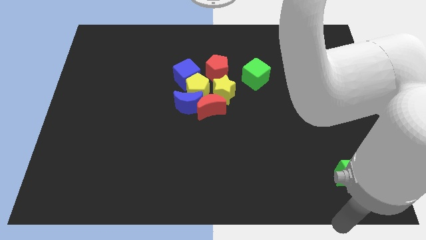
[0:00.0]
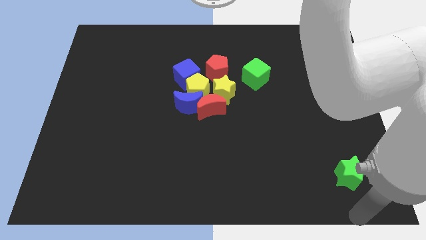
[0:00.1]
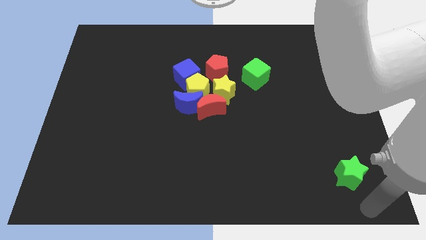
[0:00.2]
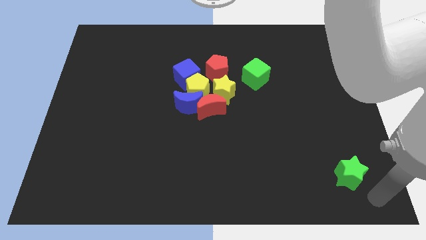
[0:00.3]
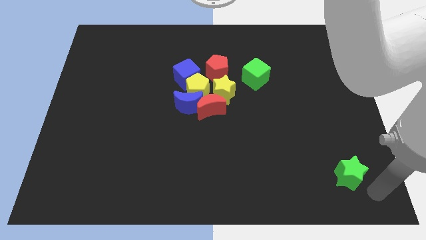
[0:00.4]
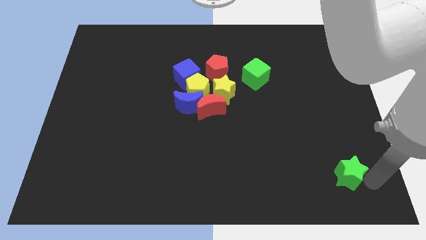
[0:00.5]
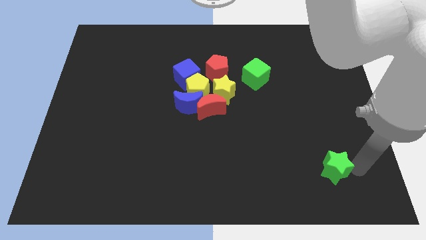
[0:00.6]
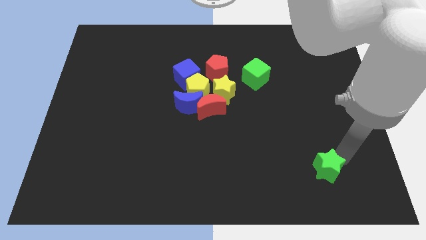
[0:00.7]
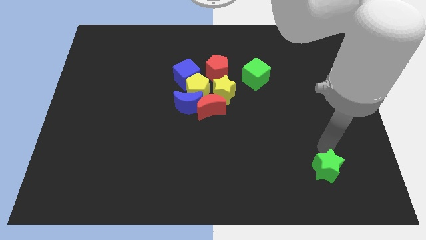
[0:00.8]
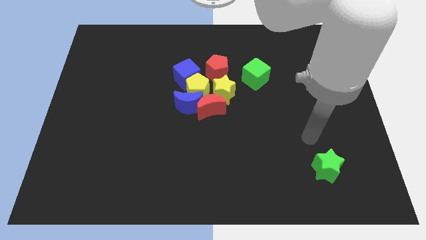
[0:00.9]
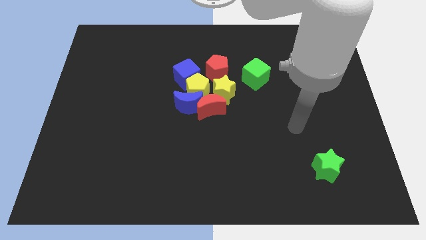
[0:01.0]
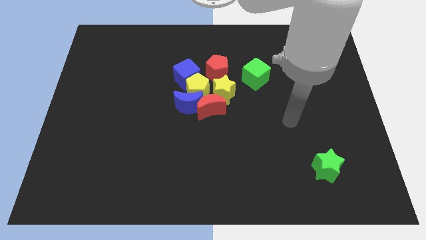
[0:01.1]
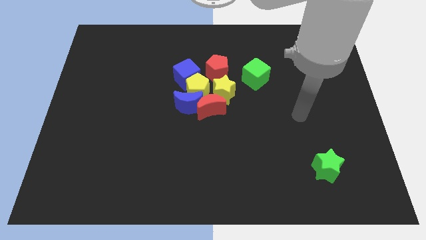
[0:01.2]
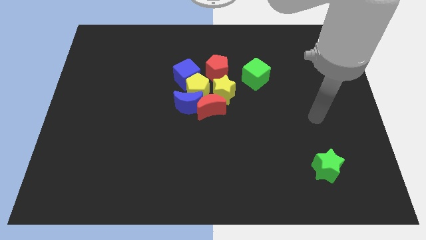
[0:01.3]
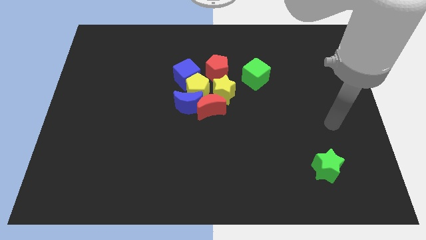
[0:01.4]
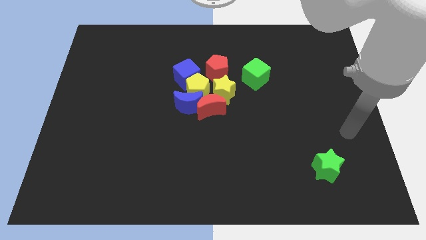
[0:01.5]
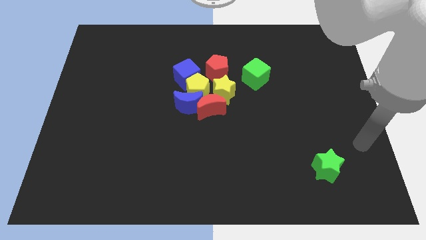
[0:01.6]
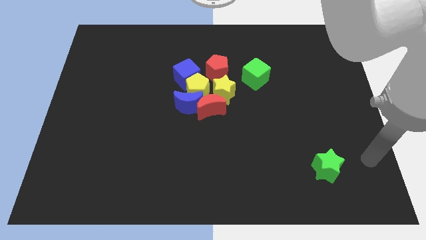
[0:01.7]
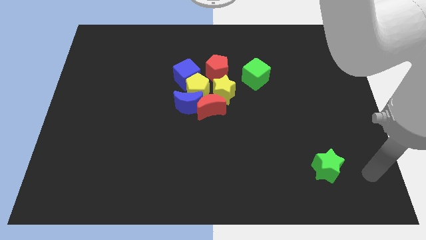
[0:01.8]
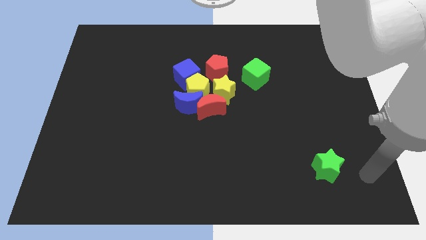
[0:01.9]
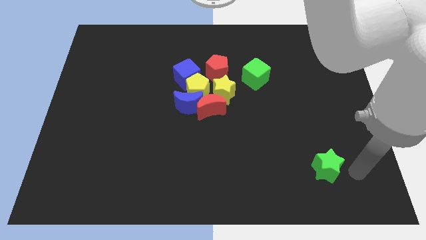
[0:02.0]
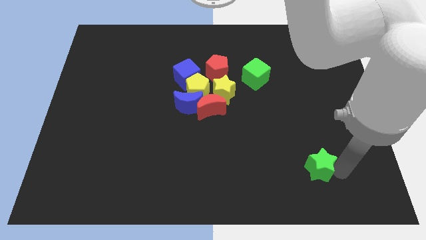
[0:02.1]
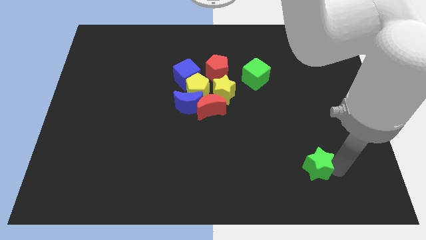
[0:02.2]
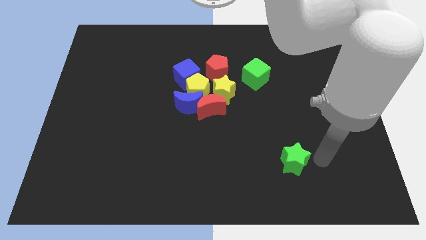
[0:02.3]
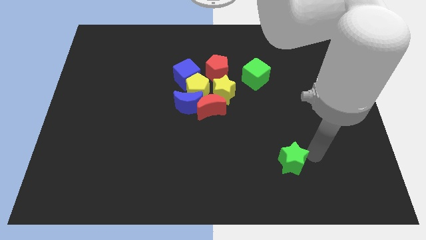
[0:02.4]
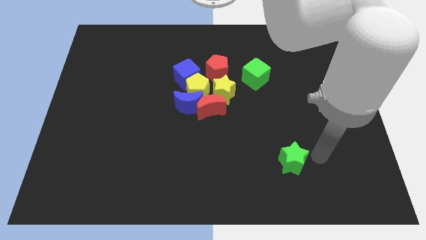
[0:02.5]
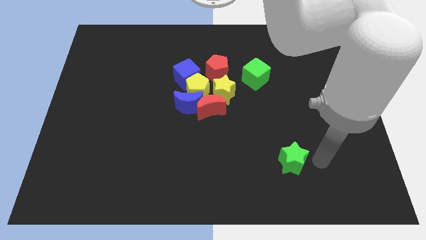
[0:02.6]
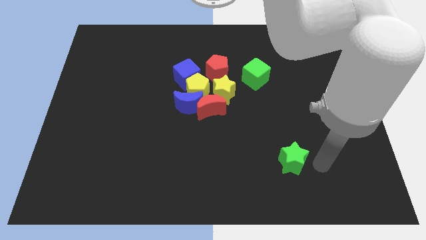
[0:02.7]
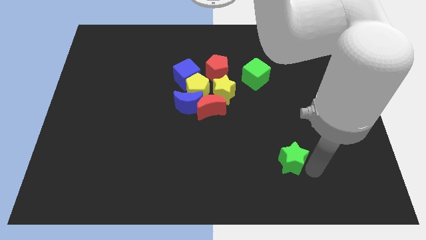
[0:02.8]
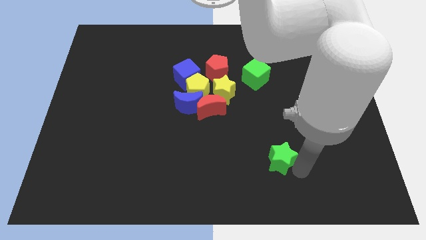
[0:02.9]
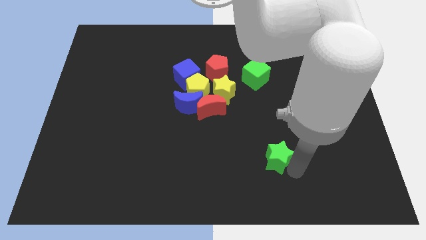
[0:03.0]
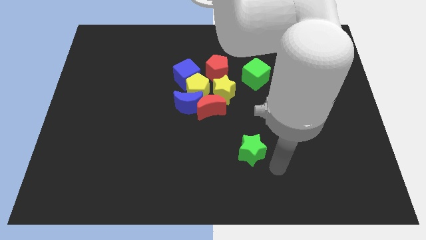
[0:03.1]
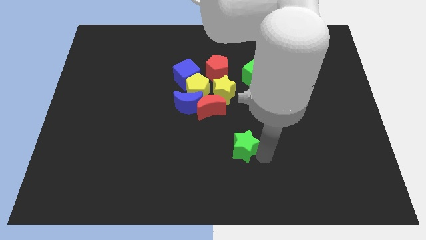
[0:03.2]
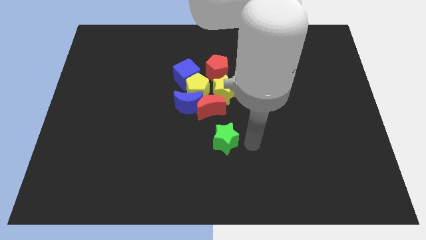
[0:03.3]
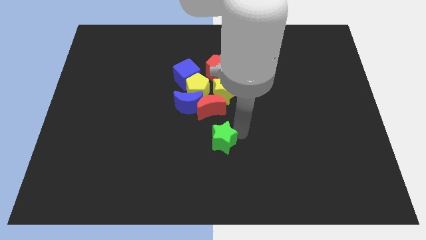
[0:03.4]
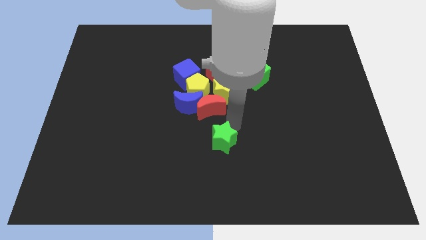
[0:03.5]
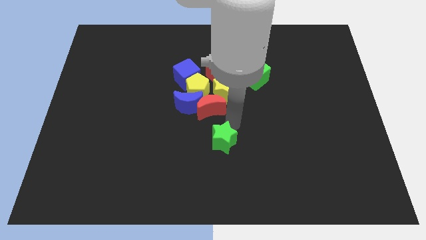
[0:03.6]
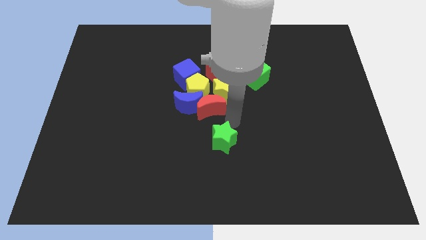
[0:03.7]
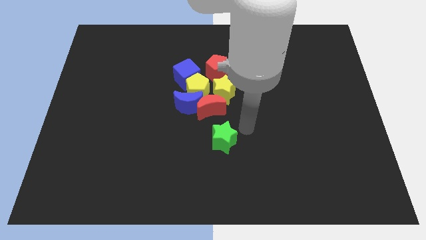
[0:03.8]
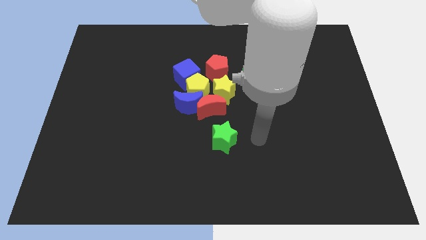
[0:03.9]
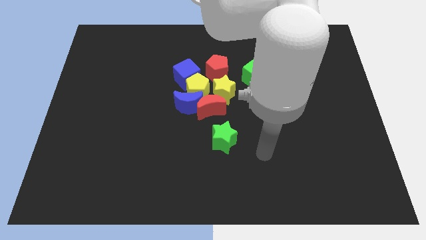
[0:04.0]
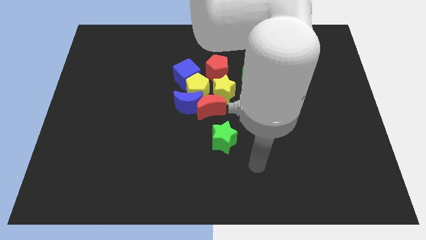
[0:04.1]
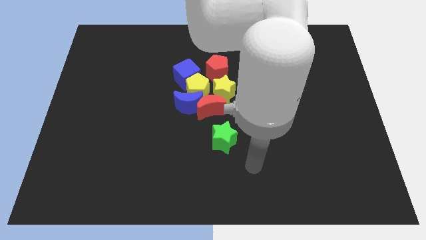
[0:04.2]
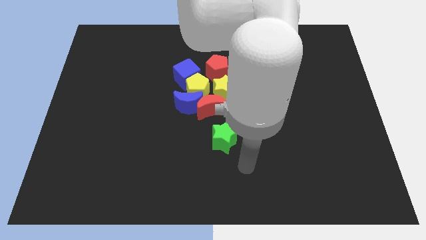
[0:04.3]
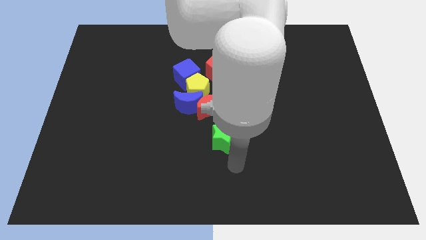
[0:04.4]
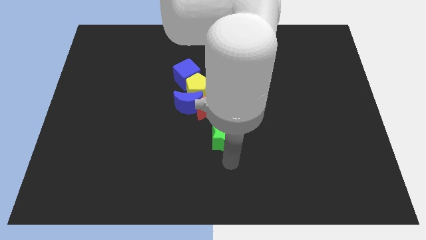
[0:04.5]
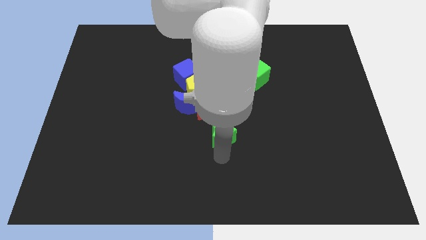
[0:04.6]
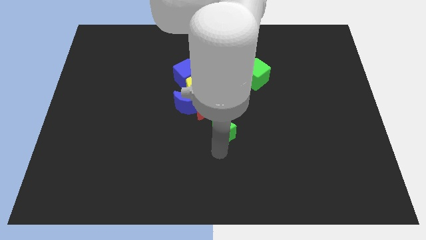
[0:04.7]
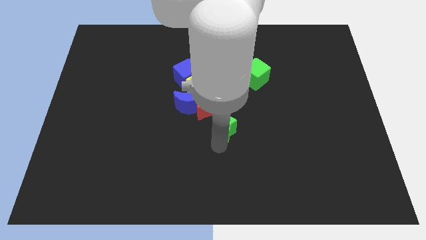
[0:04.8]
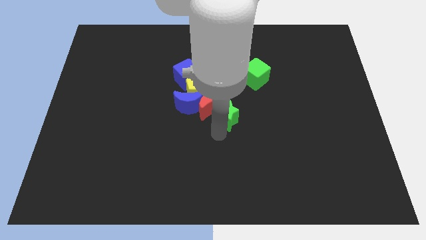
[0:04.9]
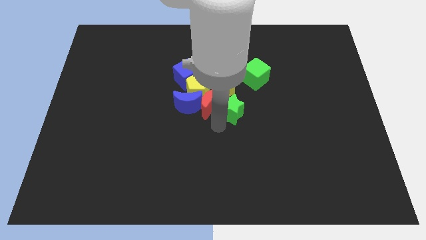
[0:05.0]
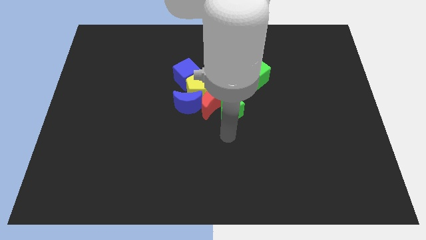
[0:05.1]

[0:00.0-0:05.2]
push the green star to the center of the board
----
Problem to work on → Return each record exactly as given, excluding any image.

Result for this task →
[0:00.0]
[0:00.1]
[0:00.2]
[0:00.3]
[0:00.4]
[0:00.5]
[0:00.6]
[0:00.7]
[0:00.8]
[0:00.9]
[0:01.0]
[0:01.1]
[0:01.2]
[0:01.3]
[0:01.4]
[0:01.5]
[0:01.6]
[0:01.7]
[0:01.8]
[0:01.9]
[0:02.0]
[0:02.1]
[0:02.2]
[0:02.3]
[0:02.4]
[0:02.5]
[0:02.6]
[0:02.7]
[0:02.8]
[0:02.9]
[0:03.0]
[0:03.1]
[0:03.2]
[0:03.3]
[0:03.4]
[0:03.5]
[0:03.6]
[0:03.7]
[0:03.8]
[0:03.9]
[0:04.0]
[0:04.1]
[0:04.2]
[0:04.3]
[0:04.4]
[0:04.5]
[0:04.6]
[0:04.7]
[0:04.8]
[0:04.9]
[0:05.0]
[0:05.1]

[0:00.0-0:05.2]
push the green star to the center of the board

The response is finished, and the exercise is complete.